Although phenotypical manifestations such as dilated ventricles, excessive CSF and mortality are commonly observed in animal models with both communicating and non-communicating hydrocephalus, the molecular and cellular etiologies are diverse. The hyh mutant mice carry a mutation in the α-SNAP gene that encodes a protein involved in SNAP receptor (SNARE)-mediated apical membrane transport of cadherin/catenin complexes in polarized epithelial cells . Dlg5 is also required for SNARE-dependent intracellular trafficking of cadherin/catenin molecules and disruption of Dlg5 results in collapse of epithelial tubes . Therefore, loss of β-Catenin in epithelial cells likely caused the stenosis of the midbrain aqueduct in the β-cateninloxP/loxP; Dmbx1-Cre mice.

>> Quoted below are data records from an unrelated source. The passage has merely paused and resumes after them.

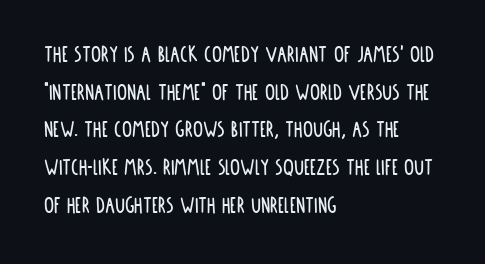
{"italic": "no", "underline": "no", "align": "left", "line_spacing": "normal", "line_spacing_ratio": 1.51, "letter_spacing": "normal", "letter_spacing_em": 0.0, "glyph_px": 25}
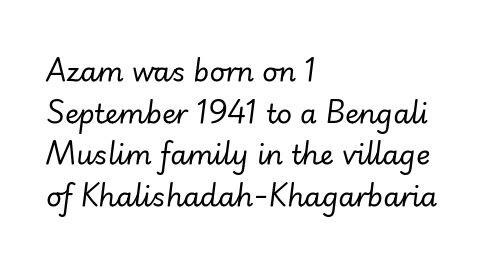
Q: Is the text bold? A: No.
Q: Is the text italic (slanted)? A: Yes, it leans right by about 7 degrees.
Q: Is the text underlined? A: No.
Q: How is the paragraph aligned? A: Left-aligned.
Q: Is the spacing between letters normal or unusually wide? A: Normal.
Q: Is the spacing between lines tight, normal or loose? A: Normal.

Alternatively, the aqueduct closure could be secondary to disturbance of CSF flow as seen in Hydrocephalus Texas (H-Tx) rats that show abnormalities in secretory ependymal cells of the subcommissural organ . Severely affected H-Tx rats die at 4–6 weeks whereas the β-cateninloxP/loxP; Dmbx1-Cre mice did not survive beyond 4 weeks. The hy3 mice carry a mutation in the Hydin gene that is expressed in the ciliated ependymal cells and die before 7 weeks of age . They first develop a defect in CSF reabsorption and later a blockage within the cerebral aqueduct. Further investigations are needed to elucidate the pathogenic mechanisms leading to hydrocephalus in the PtenloxP/loxP; Dmbx1-Cre and β-cateninloxP/loxP; Dmbx1-Cre mice. These mutant mice will serve as a novel model for congenital hydrocephalus and provide a novel opportunity to investigate molecular etiology of hydrocephalus.
I am grateful to Dong-Woo Hwang for histological analyses. This study was initiated at Children's Research Institute (Columbus, Ohio). I thank Hope-tecture Research Institute (Hyogo, Japan) for support.